» YOUR TASK: For the entries below, print exactly the lines between the line holding "#33292=EDGE_CURVE('',#25793,#25794,#4828,.T.);" and the line holding "#47704=ORIENTED_EDGE('',*,*,#33279,.F.);", inclusive, and nothing else.

[Excerpts from a dataset]
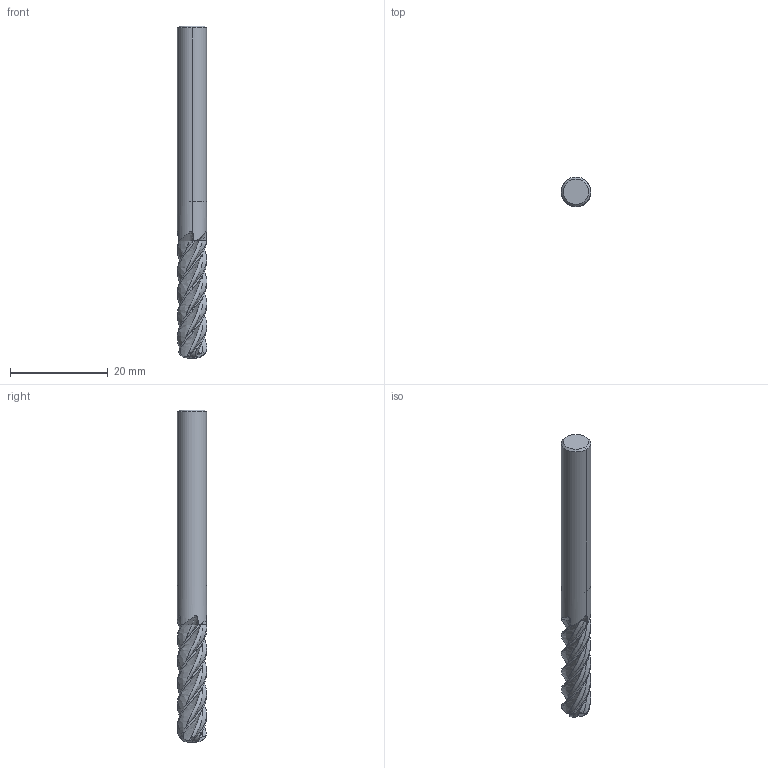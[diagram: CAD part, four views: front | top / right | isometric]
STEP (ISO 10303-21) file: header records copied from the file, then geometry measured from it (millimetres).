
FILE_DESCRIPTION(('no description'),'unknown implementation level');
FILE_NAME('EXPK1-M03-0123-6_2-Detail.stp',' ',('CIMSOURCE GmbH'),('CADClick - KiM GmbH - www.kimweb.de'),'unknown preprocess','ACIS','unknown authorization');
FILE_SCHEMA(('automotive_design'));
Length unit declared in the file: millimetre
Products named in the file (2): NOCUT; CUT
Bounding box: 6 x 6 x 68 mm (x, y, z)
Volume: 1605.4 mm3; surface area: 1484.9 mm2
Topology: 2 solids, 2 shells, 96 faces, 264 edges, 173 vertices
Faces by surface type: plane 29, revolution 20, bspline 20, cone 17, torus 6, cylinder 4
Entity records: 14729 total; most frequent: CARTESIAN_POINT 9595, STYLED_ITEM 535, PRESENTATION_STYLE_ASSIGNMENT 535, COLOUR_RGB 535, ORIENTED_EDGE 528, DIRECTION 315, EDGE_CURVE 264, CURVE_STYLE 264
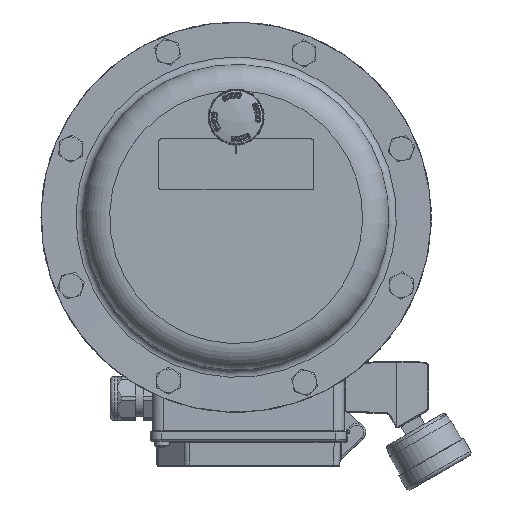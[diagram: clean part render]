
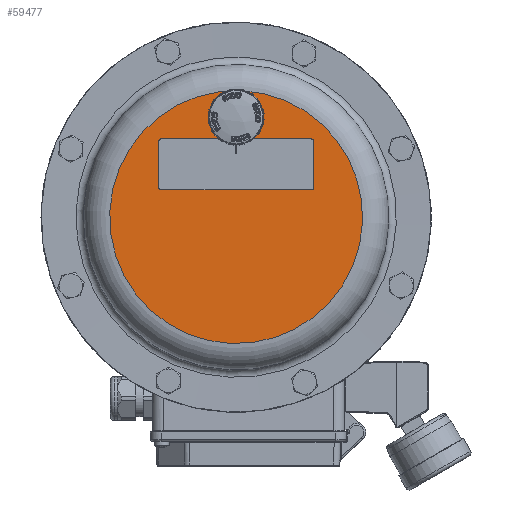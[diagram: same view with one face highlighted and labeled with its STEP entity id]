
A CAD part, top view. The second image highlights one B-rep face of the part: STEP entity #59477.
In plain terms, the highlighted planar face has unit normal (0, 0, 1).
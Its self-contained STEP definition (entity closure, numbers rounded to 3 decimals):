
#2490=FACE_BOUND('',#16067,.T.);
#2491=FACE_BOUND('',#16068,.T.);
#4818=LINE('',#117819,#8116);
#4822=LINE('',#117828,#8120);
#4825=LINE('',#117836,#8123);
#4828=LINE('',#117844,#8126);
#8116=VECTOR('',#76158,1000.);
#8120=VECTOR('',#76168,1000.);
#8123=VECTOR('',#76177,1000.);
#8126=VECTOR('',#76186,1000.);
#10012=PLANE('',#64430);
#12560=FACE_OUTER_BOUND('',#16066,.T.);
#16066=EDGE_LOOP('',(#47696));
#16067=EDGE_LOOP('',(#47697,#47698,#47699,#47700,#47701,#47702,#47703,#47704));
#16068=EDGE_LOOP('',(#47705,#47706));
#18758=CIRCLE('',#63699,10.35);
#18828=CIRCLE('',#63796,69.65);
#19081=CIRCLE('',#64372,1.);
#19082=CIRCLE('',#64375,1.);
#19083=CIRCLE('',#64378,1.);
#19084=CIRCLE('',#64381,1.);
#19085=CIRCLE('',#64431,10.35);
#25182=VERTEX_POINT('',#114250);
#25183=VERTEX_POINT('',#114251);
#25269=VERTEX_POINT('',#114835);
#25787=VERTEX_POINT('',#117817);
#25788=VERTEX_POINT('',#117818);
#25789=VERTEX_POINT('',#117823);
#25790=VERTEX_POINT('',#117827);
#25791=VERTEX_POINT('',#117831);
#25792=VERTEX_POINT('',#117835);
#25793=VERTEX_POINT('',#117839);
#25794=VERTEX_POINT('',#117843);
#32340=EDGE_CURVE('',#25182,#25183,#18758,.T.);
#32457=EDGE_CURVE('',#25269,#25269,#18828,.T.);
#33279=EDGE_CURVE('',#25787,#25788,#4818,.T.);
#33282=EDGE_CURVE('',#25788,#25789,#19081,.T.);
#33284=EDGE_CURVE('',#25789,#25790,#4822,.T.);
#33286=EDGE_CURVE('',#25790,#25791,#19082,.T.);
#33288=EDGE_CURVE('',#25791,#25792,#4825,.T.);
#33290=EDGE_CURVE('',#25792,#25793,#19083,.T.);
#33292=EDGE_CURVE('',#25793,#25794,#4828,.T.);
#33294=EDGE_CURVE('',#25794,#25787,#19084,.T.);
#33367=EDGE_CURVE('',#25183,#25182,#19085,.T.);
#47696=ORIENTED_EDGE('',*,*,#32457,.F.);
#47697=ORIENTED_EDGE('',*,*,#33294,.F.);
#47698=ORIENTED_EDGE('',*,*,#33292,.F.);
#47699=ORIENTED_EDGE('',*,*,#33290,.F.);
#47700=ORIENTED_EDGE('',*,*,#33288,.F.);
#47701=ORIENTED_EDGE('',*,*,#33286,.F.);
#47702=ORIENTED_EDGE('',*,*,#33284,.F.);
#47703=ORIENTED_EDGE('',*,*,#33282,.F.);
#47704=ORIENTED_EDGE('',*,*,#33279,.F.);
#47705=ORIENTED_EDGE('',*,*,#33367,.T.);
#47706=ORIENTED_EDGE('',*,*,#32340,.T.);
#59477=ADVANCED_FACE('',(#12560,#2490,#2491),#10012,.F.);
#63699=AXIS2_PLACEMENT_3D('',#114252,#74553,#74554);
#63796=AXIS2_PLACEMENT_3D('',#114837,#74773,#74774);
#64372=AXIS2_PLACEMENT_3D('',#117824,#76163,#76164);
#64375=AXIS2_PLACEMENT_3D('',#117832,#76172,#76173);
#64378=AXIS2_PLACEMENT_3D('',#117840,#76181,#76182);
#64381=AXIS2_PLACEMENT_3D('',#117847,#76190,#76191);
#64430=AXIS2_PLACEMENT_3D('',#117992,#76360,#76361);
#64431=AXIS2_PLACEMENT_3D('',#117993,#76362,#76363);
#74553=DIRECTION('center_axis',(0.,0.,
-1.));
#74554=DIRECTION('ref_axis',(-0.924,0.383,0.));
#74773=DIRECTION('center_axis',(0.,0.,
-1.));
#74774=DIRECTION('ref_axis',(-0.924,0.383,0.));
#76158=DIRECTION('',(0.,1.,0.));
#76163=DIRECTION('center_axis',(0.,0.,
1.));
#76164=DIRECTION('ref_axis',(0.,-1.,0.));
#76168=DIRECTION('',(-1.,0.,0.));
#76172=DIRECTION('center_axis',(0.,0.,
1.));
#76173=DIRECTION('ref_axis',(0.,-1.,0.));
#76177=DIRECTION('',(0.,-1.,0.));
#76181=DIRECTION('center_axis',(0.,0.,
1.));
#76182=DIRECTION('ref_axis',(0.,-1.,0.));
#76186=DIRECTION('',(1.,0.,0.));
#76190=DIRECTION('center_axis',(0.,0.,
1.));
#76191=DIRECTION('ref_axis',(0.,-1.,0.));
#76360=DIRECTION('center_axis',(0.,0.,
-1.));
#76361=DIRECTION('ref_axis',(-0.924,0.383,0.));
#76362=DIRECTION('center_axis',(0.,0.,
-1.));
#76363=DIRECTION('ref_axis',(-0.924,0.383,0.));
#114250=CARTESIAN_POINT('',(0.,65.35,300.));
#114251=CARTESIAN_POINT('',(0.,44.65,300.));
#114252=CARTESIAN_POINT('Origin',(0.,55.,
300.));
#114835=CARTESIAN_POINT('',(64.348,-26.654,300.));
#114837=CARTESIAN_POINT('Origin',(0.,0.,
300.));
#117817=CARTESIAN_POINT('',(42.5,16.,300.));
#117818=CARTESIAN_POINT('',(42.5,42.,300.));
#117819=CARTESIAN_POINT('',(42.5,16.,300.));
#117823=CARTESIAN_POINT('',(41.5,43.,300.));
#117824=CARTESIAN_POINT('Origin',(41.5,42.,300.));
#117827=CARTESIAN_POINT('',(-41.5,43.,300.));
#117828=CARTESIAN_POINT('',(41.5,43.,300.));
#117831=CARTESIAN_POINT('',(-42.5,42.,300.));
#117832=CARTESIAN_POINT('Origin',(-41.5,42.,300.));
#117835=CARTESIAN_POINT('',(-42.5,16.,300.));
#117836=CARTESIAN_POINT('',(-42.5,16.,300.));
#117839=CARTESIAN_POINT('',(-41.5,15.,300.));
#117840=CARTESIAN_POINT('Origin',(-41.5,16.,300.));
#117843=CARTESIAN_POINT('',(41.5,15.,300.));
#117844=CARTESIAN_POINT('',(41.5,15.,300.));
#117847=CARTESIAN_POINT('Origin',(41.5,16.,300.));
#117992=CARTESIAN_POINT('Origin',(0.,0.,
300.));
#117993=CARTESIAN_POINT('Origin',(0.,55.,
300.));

» REPLY:
#33292=EDGE_CURVE('',#25793,#25794,#4828,.T.);
#33294=EDGE_CURVE('',#25794,#25787,#19084,.T.);
#33367=EDGE_CURVE('',#25183,#25182,#19085,.T.);
#47696=ORIENTED_EDGE('',*,*,#32457,.F.);
#47697=ORIENTED_EDGE('',*,*,#33294,.F.);
#47698=ORIENTED_EDGE('',*,*,#33292,.F.);
#47699=ORIENTED_EDGE('',*,*,#33290,.F.);
#47700=ORIENTED_EDGE('',*,*,#33288,.F.);
#47701=ORIENTED_EDGE('',*,*,#33286,.F.);
#47702=ORIENTED_EDGE('',*,*,#33284,.F.);
#47703=ORIENTED_EDGE('',*,*,#33282,.F.);
#47704=ORIENTED_EDGE('',*,*,#33279,.F.);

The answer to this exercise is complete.